MANILA, Philippines - Companies are set to expand their operations and hire more workers as businesses are bullish about the prospects in the fourth quarter of the year, a survey conducted by the Bangko Sentral ng Pilipinas (BSP) showed.
Teresita Deveza, deputy director of the BSP’s Department of Economic Statistics (DES), said results of the Business Expectations Survey (BES) for the third quarter showed the employment outlook and the number of firms with expansion plans increased for the fourth quarter.
Deveza said the employment outlook index for the fourth quarter increased to 22.3 percent from the previous quarter’s 20.7 percent.
“This indicates expectations of an overall increase in the number of new employees to be hired for the fourth quarter of the year,” she said.
She explained firms in the services and wholesale and retail trade sectors were more upbeat while companies engaged in the construction and industry sectors were less optimistic in their hiring intentions.
Despite the lower employment outlook for the industry sector, Deveza said the percentage of industrial firms with expansion plans increased to 32.9 percent from 29.1 percent last quarter.
She pointed out agriculture, fishery, and forestry recorded the strongest expansion plans, followed by electricity, gas and water, mining and quarrying, and manufacturing.
According to Deveza, companies have tagged domestic competition and insufficient demand as the major risks to their businesses.
Furthermore, companies see average inflation to fall within the two to four percent target set by the BSP.

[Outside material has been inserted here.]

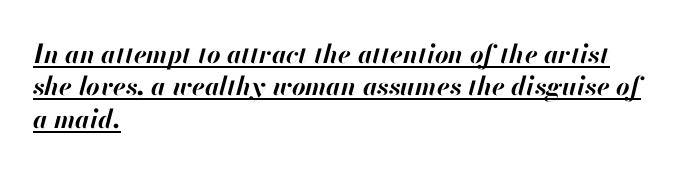
{"italic": "yes", "lean": "right", "slant_degrees": 13, "bold": "yes", "underline": "yes", "align": "left", "line_spacing": "normal", "line_spacing_ratio": 1.25, "letter_spacing": "normal", "letter_spacing_em": 0.0, "glyph_px": 26}
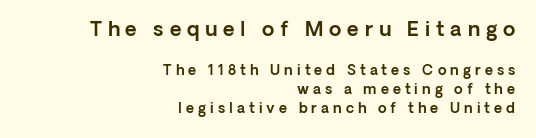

Inflation averaged 1.9 percent in the first seven months of the year after easing to a new record low of 0.8 percent in July on the back of stable food and lower oil prices.
Companies also believe the peso would strengthen against the dollar with the anticipated strong inflows of overseas Filipinos’ remittances, business process outsourcing (BPO) services and tourism receipts, and foreign investments.
For the fourth quarter of the year, Deveza said business outlook turned more upbeat as the confidence index rose to 53.1 percent from the previous quarter’s 47.3 percent.
“This reading suggests sustained economic growth in the last quarter of 2015,” she added.
The more positive outlook in the fourth quarter was traced to the expected uptick in consumer demand during the holiday, harvest, and milling season.
She also cited the increase in sales and orders translating to higher volume of production, business expansion in retail trade, manufacturing, finance, and business process outsourcing services.
Economic managers penned a gross domestic product (GDP) growth of between seven and eight percent this year. However, the GDP growth slowed down to 5.3 percent in the first half of the year from 6.4 percent in the same period last year due to lack of government spending and weak global demand.